His smile must come off as appropriately lascivious, because Lee is on top of him by the time he finishes his sentence.
*
“You’re sure I’m not intruding on family time?” Lee whispers.
But a whisper for Lee is a normal volume for anyone else.
“Not one of those kinds of holidays, bro,” Kankuro says. “Besides, Gaara invited you.”

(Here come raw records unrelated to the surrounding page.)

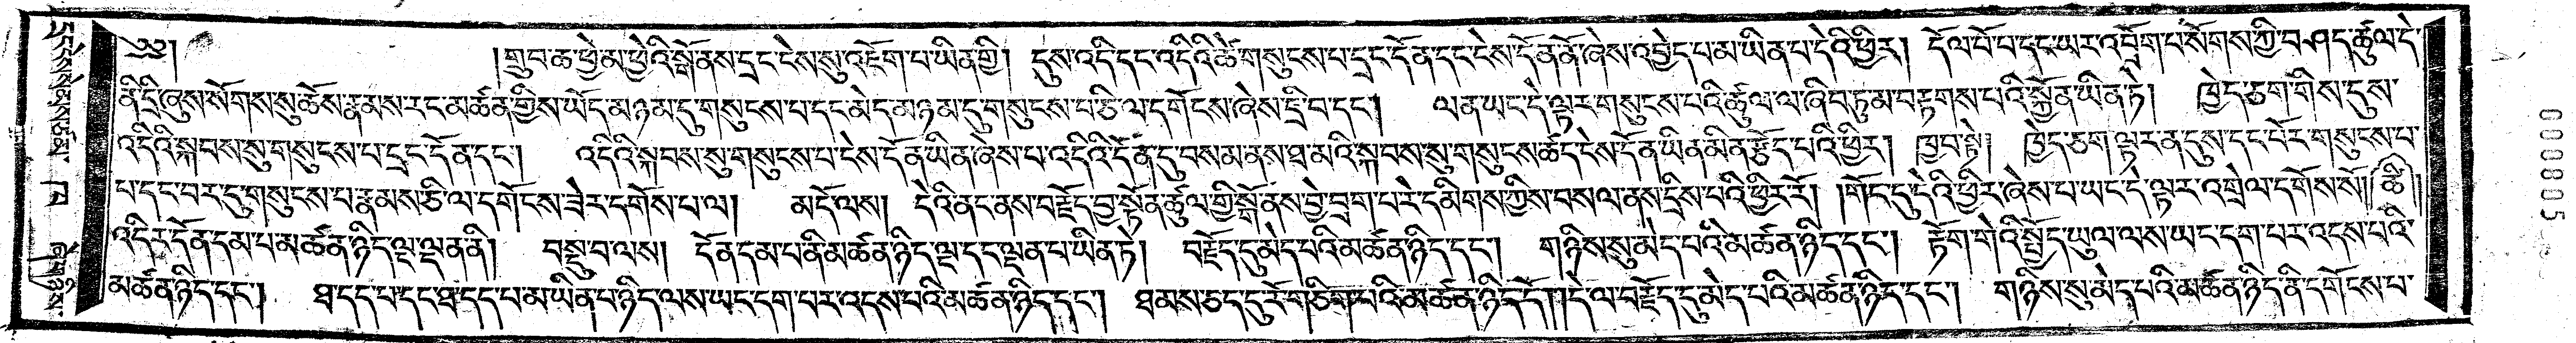༄༅། །གྲུབ་ཆ་ཕྱེ་མ་ཕྱེའི་སྒོ་ནས་དྲང་ངེས་སུ་འཇོག་པ་ཡིན་གྱི། དུས་འདི་དང་འདིའི་ཚེ་གསུངས་པ་དྲང་དོན་དང་ངེས་དོན་ནོ་ཞེས་འབྱེད་པ་མ་ཡིན་པ་དེའི་ཕྱིར། དོལ་པོ་བ་དང་ཡར་འབྲོག་པ་སོགས་ཀྱི་བཤད་ཚུལ་དེ་
ནི་དྲི་ཞུས་སོགས་སུ་ཆོས་རྣམས་རང་མཚན་གྱིས་ཡོད་མཉམ་དུ་གསུངས་པ་དང་མེད་མཉམ་དུ་གསུངས་པ་ཅི་ལ་དགོངས་ཞེས་དྲི་བ་དང་། ལན་ཡང་དེ་ལྟར་གསུངས་པའི་ཚུལ་ལ་ཞིབ་ཏུ་མ་བརྟགས་པའི་སྐྱོན་ཡིན་ཏེ། ཁྱེད་ཅག་གིས་དུས་
འདིའི་སྐབས་སུ་གསུངས་པ་དྲང་དོན་དང་། འདིའི་སྐབས་སུ་གསུངས་པ་ངེས་དོན་ཡིན་ཞེས་པ་འདིའི་དོན་དུ་བསམ་ནས་ཐ་མའི་སྐབས་སུ་གསུངས་ཚད་ངེས་དོན་ཡིན་མིན་རྩོད་པའི་ཕྱིར། ཁྱབ་སྟེ། ཁྱེད་ཅག་ལྟར་ན་དུས་དང་པོར་གསུངས་པ་
པ་དང་བར་དུ་གསུངས་པ་རྣམས་ཅི་ལ་དགོངས་ཟེར་དགོས་པ་ལ། མདོ་ལས། དེའི་ནང་ནས་བརྗོད་བྱ་སྟོན་ཚུལ་གྱི་སྒོ་ནས་བྱེ་བྲག་པ་རེ་དམིགས་ཀྱིས་བསལ་ནས་དྲིས་པའི་ཕྱིར་རོ། །གོང་དུ་དེའི་ཕྱིར་ཞེས་པ་ཡང་དེ་ལྟར་འགྲེལ་དགོས་སོ། ༼ཚི༽།
འདིར་དོན་དམ་པ་མཚན་ཉིད་ལྔ་ལྡན་ནི། བསྡུ་བ་ལས། དོན་དམ་པ་ནི་མཚན་ཉིད་ལྔ་དང་ལྡན་པ་ཡིན་ཏེ། བརྗོད་དུ་མེད་པའི་མཚན་ཉིད་དང་། གཉིས་སུ་མེད་པའི་མཚན་ཉིད་དང་། རྟོག་གེའི་སྤྱོད་ཡུལ་ལས་ཡང་དག་པར་འདས་པའི་
མཚན་ཉིད་དང་། ཐ་དད་པ་དང་ཐ་དད་པ་མ་ཡིན་པ་ཉིད་ལས་ཡང་དག་པར་འདས་པའི་མཚན་ཉིད་དང་། ཐམས་ཅད་དུ་རོ་གཅིག་པའི་མཚན་ཉིད་དོ། །དེ་ལ་བརྗོད་དུ་མེད་པའི་མཚན་ཉིད་དང་། གཉིས་སུ་མེད་པའི་མཚན་ཉིད་ནི་དགོངས་པ་

They have an heirloom menorah that belonged to their mother, something that they’ve only started using a few years ago, as the three of them started making shaky steps to reclaim the things Rasa had taken.
Temari is the only one of them with any real memories of her, but using her menorah feels like a connection surpassing space and time.
Lee is quiet beside Gaara as he, Temari, and Kankuro go through the three blessings and light the candles.
Gaara imagines the two pinpoints of light from the view of the desert landscape, and how Lee has become his own symbol of resilience.
*
“Wait, only two blessings?” Lee asks. “Last night there were three.”
Temari quirks an eyebrow at Gaara over Lee’s head.
“There’s a special blessing for the first night because it’s the first time we’re lighting.”
Lee has prompted many more sheheceyanus in Gaara’s life than he thought he’d ever have.
Second night is when they bring out their non-kosher menorahs, and when Kankuro starts using chakra strings to light candles.
Luckily, Gaara’s sand is always nearby to squelch any potential fires.
“Here,” Temari says, handing a Kankuro-original menorah, made of leftover puppet gear pieces, to Lee, “you can light this one.”
Gaara can’t quite will away the lump in his throat at her soft smile and Lee’s zeal in lighting.
*
“Mom would’ve liked him,” Temari tells Gaara on the fifth night. “He’s got chutzpah.”
A plate of sufganiyot is cooling in the center of the table.
There are loud echoes of Lee and Kankuro playing dreidel in another room with real money.
Gaara shoves a sticky sweet donut in his mouth in lieu of dealing with the emotions Temari has dumped onto him, like he’s a latke and she’s a jar of applesauce.
*
By eighth night, Lee is saying the blessings almost as fluently as the rest of them, only stumbling over a handful of gutturals.
(Which Kankuro never bothers to pronounce properly, even though Temari gives him a look every time the ch noises roll smoothly from his mouth, instead of coming up from his throat.)
Gaara loves him—this man who is the gentlest of whirlwinds, cupping his hand to protect the flame of each candle he lights—Lee, who opened Gaara’s heart and never quite let go of who he found buried there, beneath the punishing sandstorm of anger and trauma.